Discípula de Sigmund Freud y una de las autoras del psicoanálisis más importantes, Melanie Klein es conocida por su ajuste del modelo psicoanalítico al trabajo con niños, siendo una de las principales autoras en trabajar con menores. 

La teoría psicoanalítica de Melanie Klein, si bien continuadora en numerosos aspectos con la obra de Freud, destaca por ampliar y profundizar en aspectos del desarrollo a lo largo de la infancia y crear un enfoque más centrado en cómo se relaciona el individuo con los objetos (entendiendo generalmente como tales otras personas), siendo esta la base de la teoría de las relaciones objetales.

Melanie Klein y la teoría de las relaciones objetales

La teoría psicoanalítica de Melanie Klein se basa principalmente en su teoría de las relaciones objetales.

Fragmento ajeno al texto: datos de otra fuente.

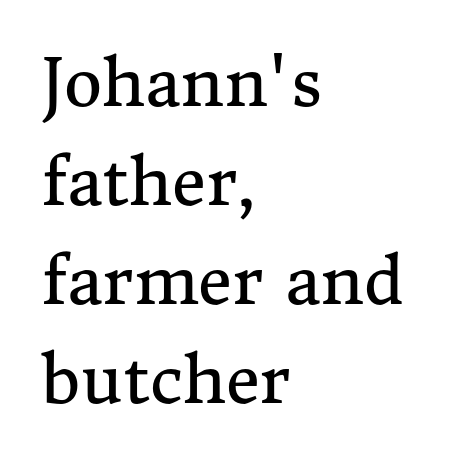
A student would call this left alignment; a typographer would say flush left, rag right. To sum up the face: it has serifs. Caption: face not bold, strokes unweighted. Descenders are the only things crossing below the line. How would I describe the line gaps? Plain and ordinary. In terms of posture, this sample is upright.
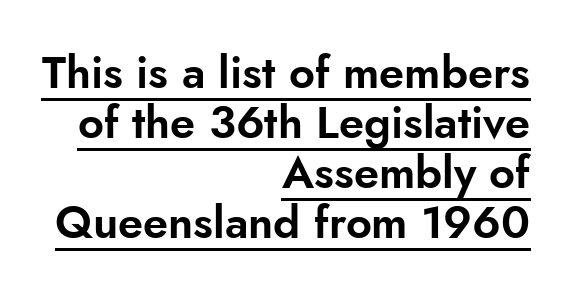
The image shows 45 px sans-serif type, upright; set right-aligned, tight line spacing (1.11x), normal letter spacing, underlined; low stroke contrast and a small x-height.

En esta teoría se establece que el sujeto se relaciona con el medio a partir de las sensaciones e impulsos que siente y proyecta sobre los objetos de su impulso. Las relaciones con dichos objetos generan huellas permanentes que marcarán la futura relación con otros, internalizándose las experiencias vividas y originándose en base a ellas la estructura psicológica del sujeto. 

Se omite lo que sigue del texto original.